When Action merged with Battle, The Spinball Wars added a futuristic edge that divided opinion unlike any other strip. After Dredger had signed off his last story in October 1978, Spinball was further marginalised in a "war" comic. Surely the writing would have been on the wall towards the end of 1978 with a milestone issue around the corner to ring in a host of changes? This was the opportunity to shed the "Action" logo, pension off the Gladiators (the Spinball protagonists), and consolidate a war-themed comic as originally intended.

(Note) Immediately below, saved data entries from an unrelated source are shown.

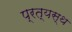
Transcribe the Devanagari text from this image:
प्रत्यस्थ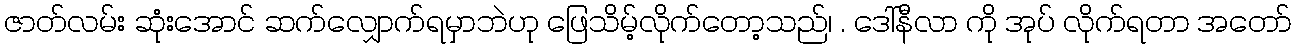
ဇာတ်လမ်း ဆုံးအောင် ဆက်လျှောက်ရမှာဘဲဟု ဖြေသိမ့်လိုက်တော့သည်၊ . ဒေါ်နီလာ ကို အုပ် လိုက်ရတာ အတော်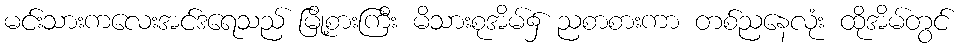
မင်းသားကလေးအင်ဒရေသည် မြို့စားကြီး မိသားစုအိမ်၌ ညစာစားကာ တစ်ညနေလုံး ထိုအိမ်တွင်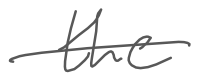
Text: the
Cross-out: single-line
Writing tool: digital_gray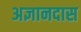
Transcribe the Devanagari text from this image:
अज्ञानदास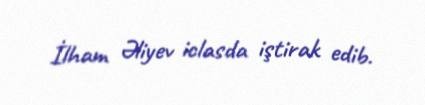
İlham Əliyev iclasda iştirak edib.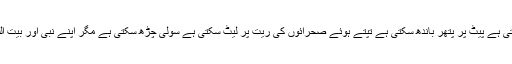
عالم کفر تم نے اس امت کو چھیڑا ہے جو بھوک پیاس برداشت کرسکتی ہے پیٹ پر پتھر باندھ سکتی ہے تپتے ہوئے صحرائوں کی ریت پر لیٹ سکتی ہے سولی چڑھ سکتی ہے مگر اپنے نبی ۖاور بیت اللہ کی طرف میلی آنکھ سے دیکھنے والوں کو برداشت نہیں کر سکتی۔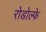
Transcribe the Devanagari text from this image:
रोडोल्फे

Upon the 200th issue, the "Action" logo was larger than it had ever been and Spinball endeavoured to thumb its nose up at its dissenters. However, there was a visible concession; the regular page count dropped from four to three. Ron Turner continued to stroke his enviable pencils that actually complemented the series despite a pedestrian script. The writer, Tom Tully, must have afforded the story little conviction considering his efforts on his contemporary strip: Johnny Red. Additionally, Tully was supplying scripts for Roy of the Rovers of which the football drama was actually more engaging than a game of spinball.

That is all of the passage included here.